In Python, assignment expressions allow assignments within comprehesions. Therefore, whether an assignment expression
will have the Python-equivalent effect in a Data-Centric Python program depends on the ProgramVisitor
’s
support for those complehensions.
visit_Assign()
Parses assignment statements. Example:
@dace.program
def assign_stmt():
a = 5
visit_AnnAssign()
Parses annotated assignment statements. The ProgramVisitor
respects these type annotations and the assigned variables will have the same (DaCe-compatible) datatype as if the code
was executed through the CPython interpreter.
visit_AugAssign()
Parses augmented assignments statements. The ProgramVisitor
will try to infer whether the assigned memory location is read and written by a single thread. In such cases, the
assigned memory location will appear as both input and output in generated subgraph. Otherwise, it will appear only as
output and the corresponding edge will have write-conflict resolution (WCR). Example:
@dace.program
def augassign_stmt():
a = 0
for i in range(10):
a += 1
for i in dace.map[0:10]:
a += 1
visit_Call()
Parses function call statements. These statements may call any of the following:
Another Data-Centric Python program: Execution is transferred to a nested
ProgramVisitor
.An (already parsed)
SDFG
object: Generates directly aNestedSDFG
.A supported Python builtin or module (e.g., NumPy) method: Execution is transferred to the corresponding replacement method (see
replacements
).An unsupported method: Generates a callback to the CPython interpreter.
visit_Return()
Parses return statements.
visit_With()
Parses with statements. Supports only explcit dataflow mode syntax.
visit_AsyncWith()
Parses async with statements. However, these statements are treates as simple with statements.
visit_Str()
Parses string constants. DEPRECATED in Python 3.8 and newer versions.
visit_Num()
Parses numerical constants. DEPRECATED in Python 3.8 and newer versions.
visit_Constant()
Parses all constant values.
visit_Name()
Parses names, e.g., variable names.
visit_NameConstant()
Parses name constants. DEPRECATED in Python 3.8 and newer versions.
visit_Attribute()
Parses attributes. Allows accessing attributes of supported
objects. Typically, these are Data
objects.
visit_List()
Visits each list element and returns a list with the results.

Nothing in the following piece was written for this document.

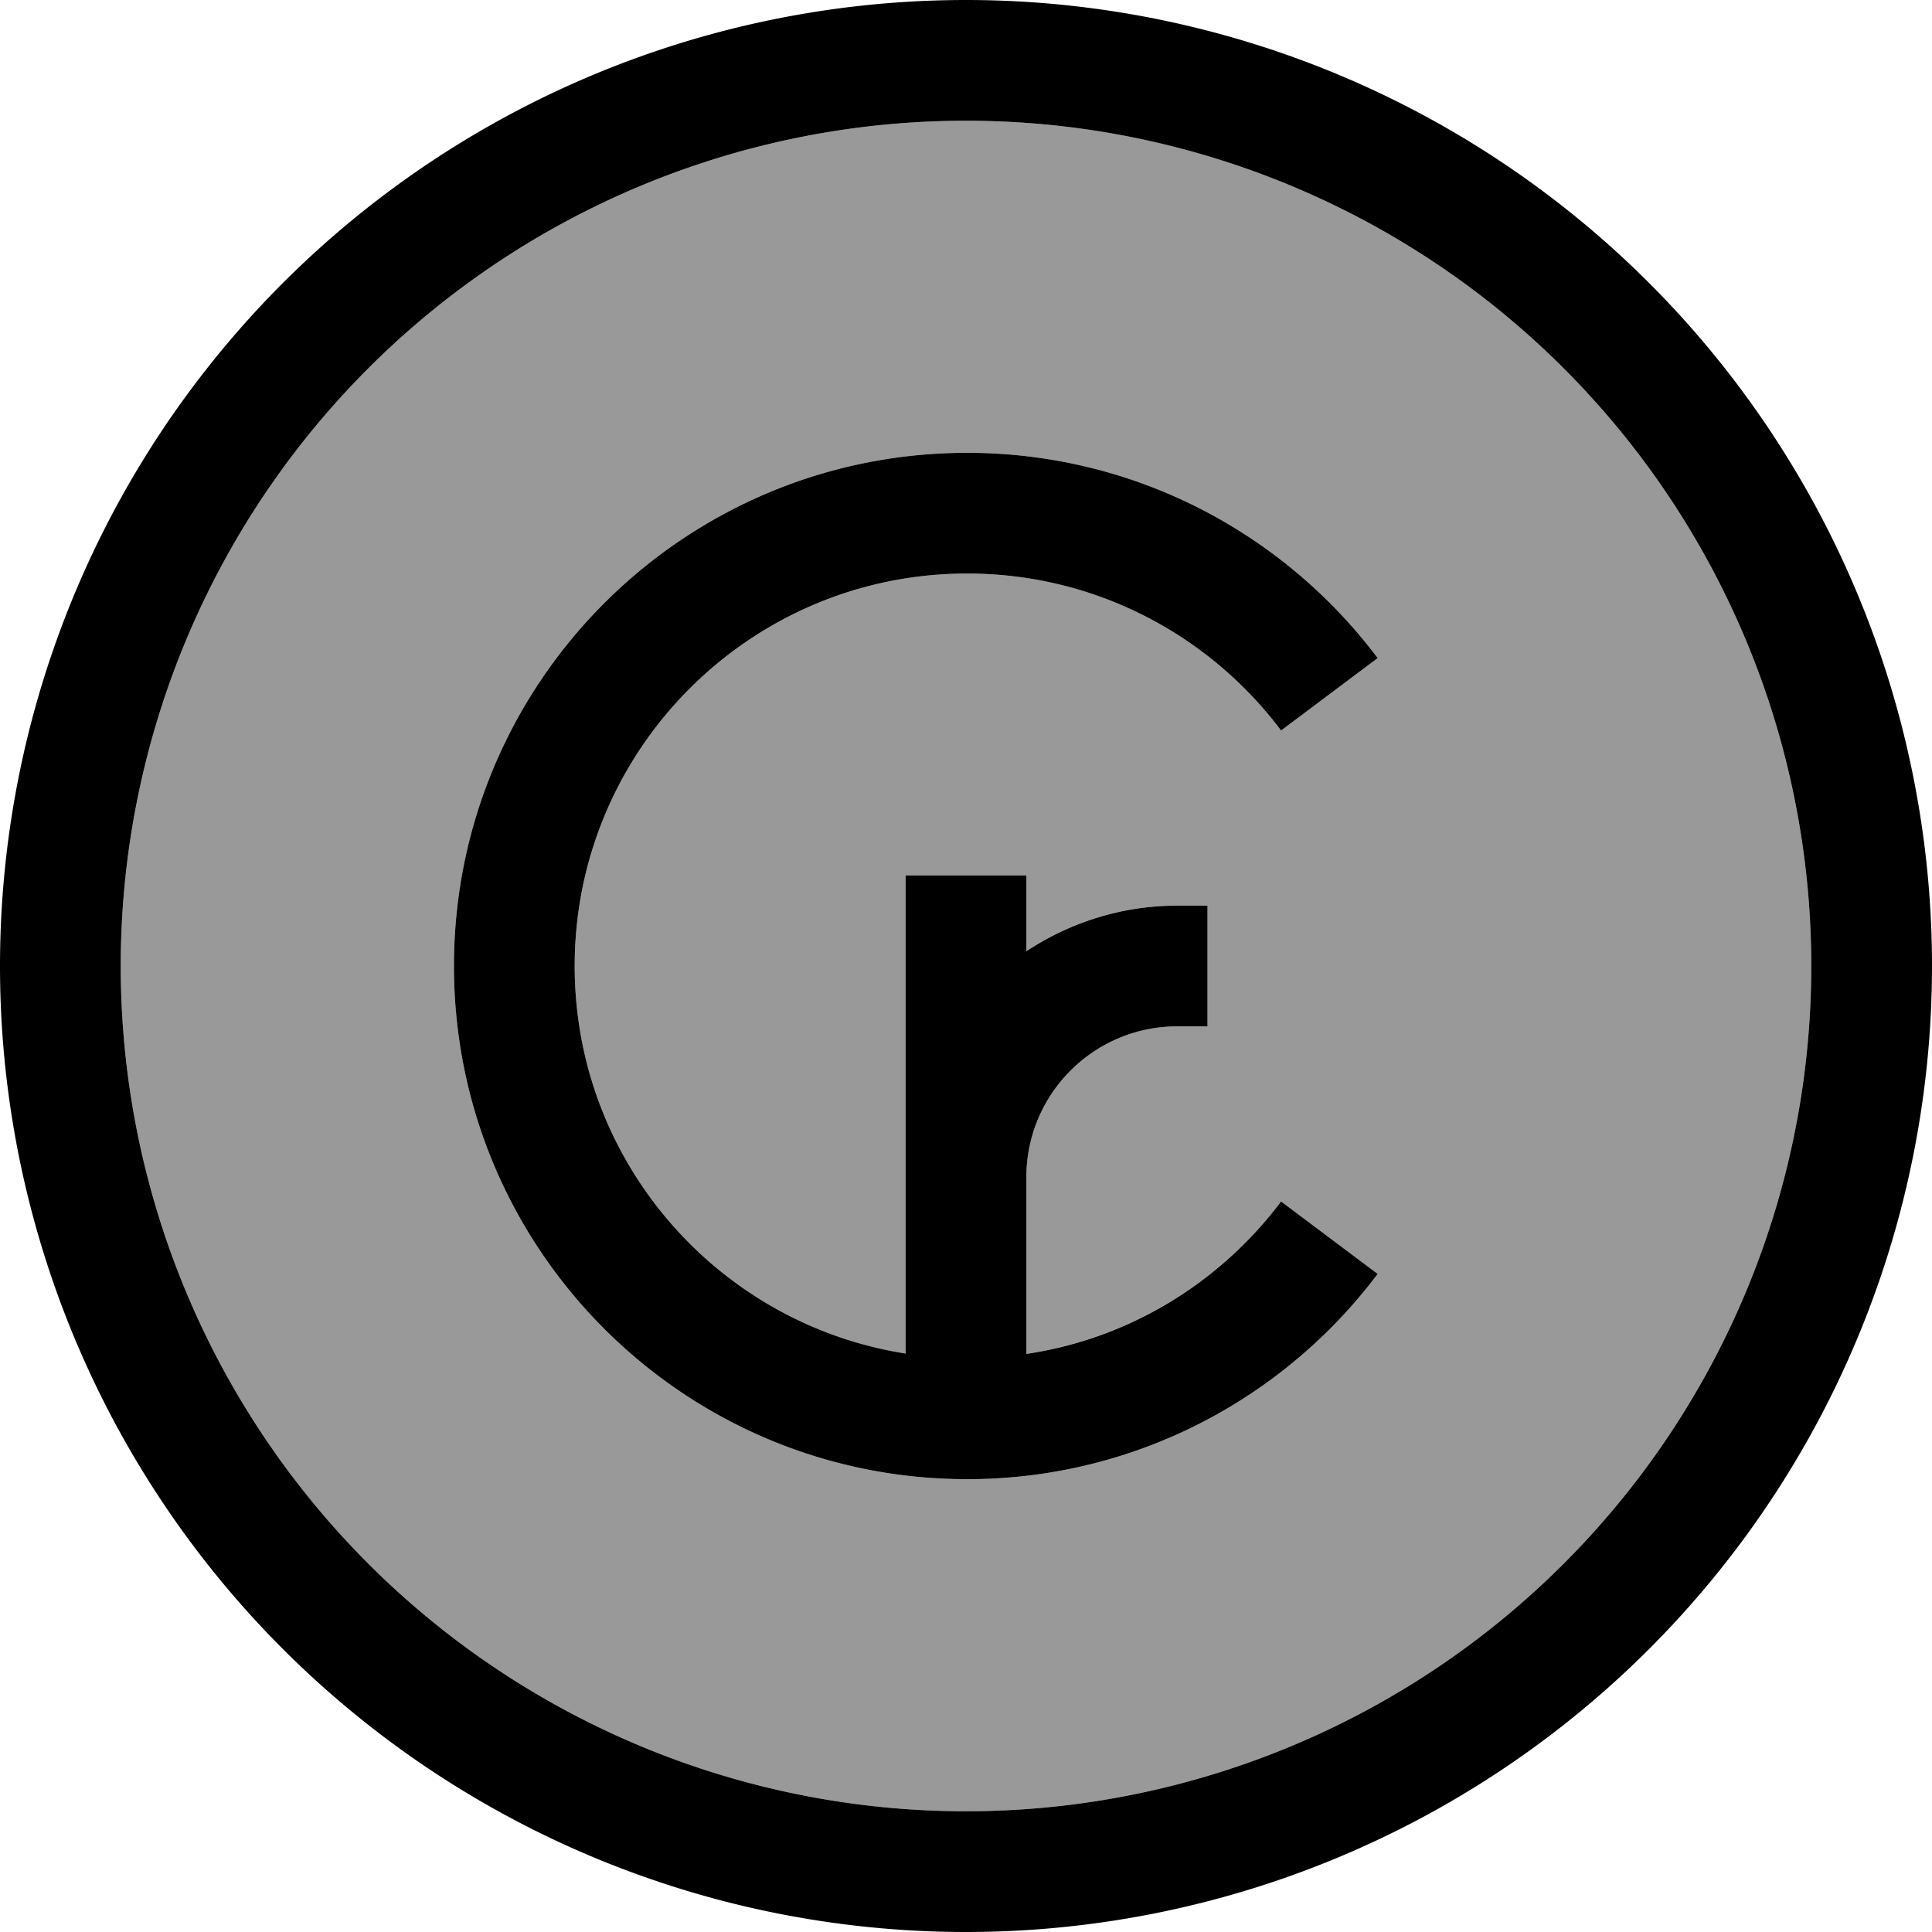<svg xmlns="http://www.w3.org/2000/svg" viewBox="0 0 512 512"><!--! Font Awesome Pro 7.0.0 by @fontawesome - https://fontawesome.com License - https://fontawesome.com/license (Commercial License) Copyright 2025 Fonticons, Inc. --><path style="fill:currentColor;opacity:.4" d="M32 256a224 224 0 1 0 448 0 224 224 0 1 0 -448 0zm88.3 0c0-75.1 60.9-136 136-136 44.5 0 84 21.4 108.8 54.4l-25.6 19.2c-19-25.3-49.2-41.6-83.2-41.6-57.4 0-104 46.6-104 104 0 51.9 38 94.9 87.7 102.7l0-126.7 32 0 0 20.1c11.4-7.7 25.2-12.1 40-12.1l8 0 0 32-8 0c-22.1 0-40 17.9-40 40l0 46.8c27.5-4.2 51.5-19.1 67.5-40.4l25.6 19.2c-24.8 33-64.3 54.4-108.8 54.4-75.1 0-136-60.9-136-136z"/><path style="fill:currentColor;opacity:1" d="M256 32a224 224 0 1 1 0 448 224 224 0 1 1 0-448zm0 480a256 256 0 1 0 0-512 256 256 0 1 0 0 512zM152.3 256c0-57.4 46.6-104 104-104 34 0 64.2 16.3 83.2 41.6l25.6-19.2c-24.8-33-64.3-54.4-108.8-54.4-75.1 0-136 60.9-136 136s60.9 136 136 136c44.5 0 84-21.4 108.8-54.4l-25.6-19.2c-16 21.3-40 36.3-67.5 40.4l0-46.8c0-22.1 17.9-40 40-40l8 0 0-32-8 0c-14.8 0-28.6 4.5-40 12.1l0-20.1-32 0 0 126.7c-49.7-7.8-87.7-50.8-87.7-102.7z"/></svg>

Does not support Python lists as Data
.
visit_Tuple()
Visits each tuple element and returns a tuple with the results.
Does not support Python tuples as Data
.
visit_Set()
Visits each set element and returns a set with the results.
Does not support Python sets as Data
.
visit_Dict()
Visits each dictionary key-value pair and returns a dictionary with the results.
Does not support Python dictionaries as Data
.
visit_Lambda()
Generates a string representation of a lambda function.
visit_UnaryOp()
Parses unary operations.
visit_BinOp()
Parses binary operations.
visit_BoolOp()
Parses boolean operations.
visit_Compare()
Parses comparisons.
visit_Subscript()
Parses subscripts. This visitor all parses the subscript’s slice expressions.
visit_Index()
Parses index expressions in subscripts. DEPRECATED.
visit_ExtSlice()
Parses slice expressions in subscripts. DEPRECATED.